# How do you divide 3x^3-4x^2-17x+6 by 3x-1 and is it a factor of the polynomial?

Aug 21, 2016

$\left(3 x - 1\right)$ is a factor of the given poly., and, when the poly. is divided

by $\left(3 x - 1\right)$, the quotient is $\left({x}^{2} - x - 6\right)$.

#### Explanation:

Let $p \left(x\right) = 3 {x}^{3} - 4 {x}^{2} - 17 x + 6$.

To find whether or not $\left(3 x - 1\right)$ is a factor of $p \left(x\right)$, we have to

check whether $p \left(\frac{1}{3}\right)$ is 0 or not.

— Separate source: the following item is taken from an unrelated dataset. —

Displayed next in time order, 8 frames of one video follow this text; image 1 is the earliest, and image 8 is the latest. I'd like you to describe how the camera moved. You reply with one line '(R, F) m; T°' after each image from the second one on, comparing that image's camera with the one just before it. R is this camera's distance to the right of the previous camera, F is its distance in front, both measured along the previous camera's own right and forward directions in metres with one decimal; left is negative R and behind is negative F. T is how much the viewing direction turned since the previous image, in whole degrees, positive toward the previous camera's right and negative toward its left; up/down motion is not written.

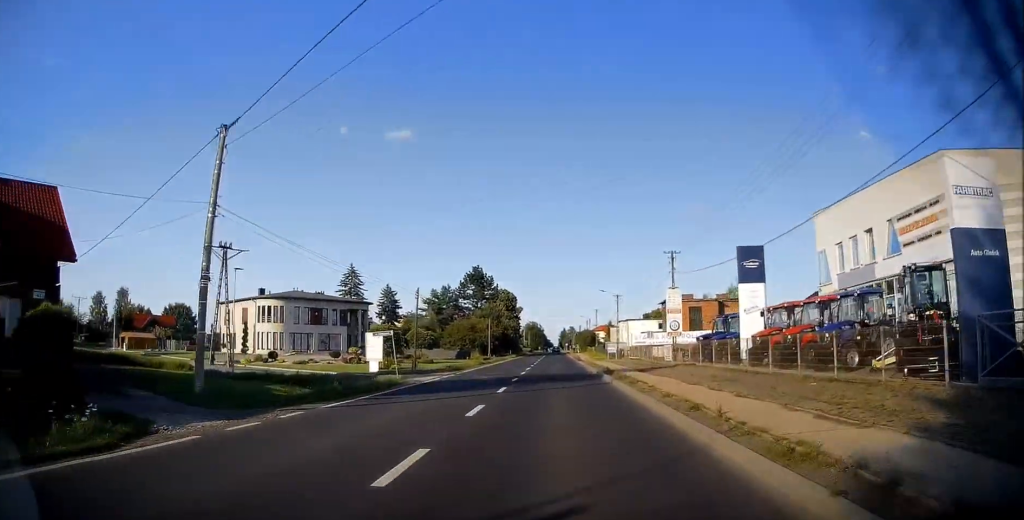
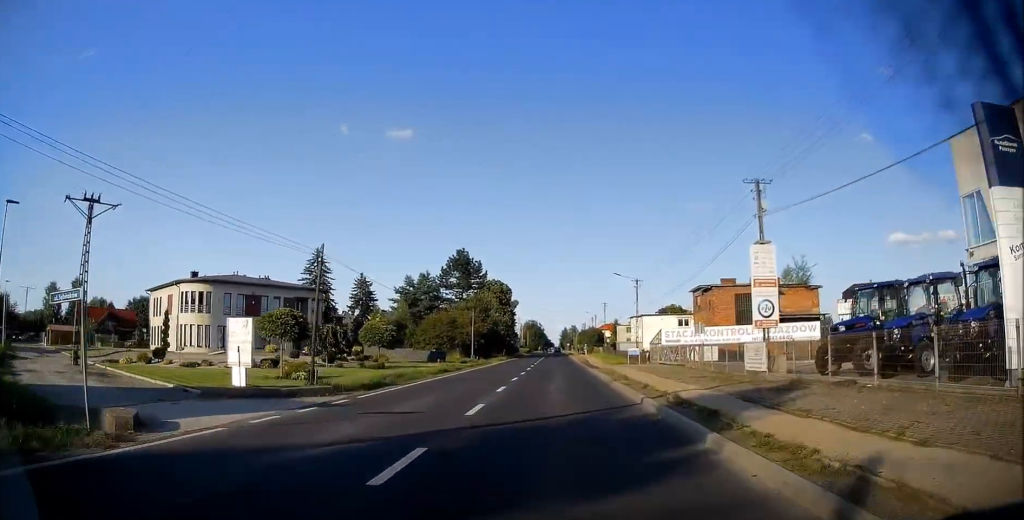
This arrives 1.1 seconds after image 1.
(+0.3, +18.2) m; +1°
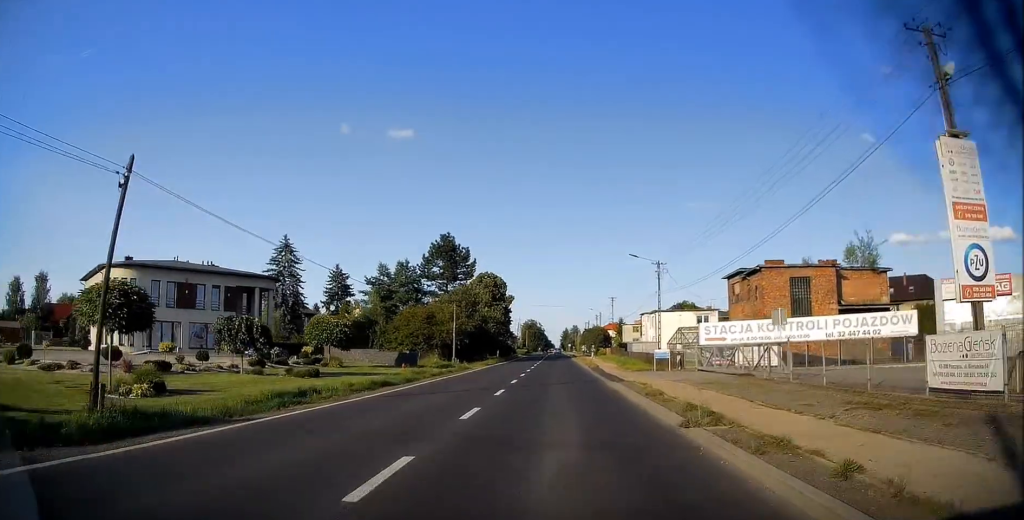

$p \left(\frac{1}{3}\right) = 3 \left(\frac{1}{27}\right) - 4 \left(\frac{1}{9}\right) - 17 \left(\frac{1}{3}\right) + 6 = \frac{1}{9} - \frac{4}{9} - \frac{17}{3} + 6 = - \frac{1}{3} - \frac{17}{3} + 6 = - 6 + 6 = 0$

Hence, $\left(3 x - 1\right)$ is a factor of $p \left(x\right)$.

Now, $p \left(x\right) = 3 {x}^{3} - 4 {x}^{2} - 17 x + 6$.

$= \underline{3 {x}^{3} - {x}^{2}} - \underline{3 {x}^{2} + x} - \underline{18 x + 6}$.

$= {x}^{2} \left(3 x - 1\right) - x \left(3 x - 1\right) - 6 \left(3 x - 1\right)$

$= \left(3 x - 1\right) \left({x}^{2} - x - 6\right)$

Thus, $\left(3 x - 1\right)$ is a factor of $p \left(x\right)$, and, when $p \left(x\right)$ is divided by

$\left(3 x - 1\right)$, the quotient is $\left({x}^{2} - x - 6\right)$.

Enjoy Maths.!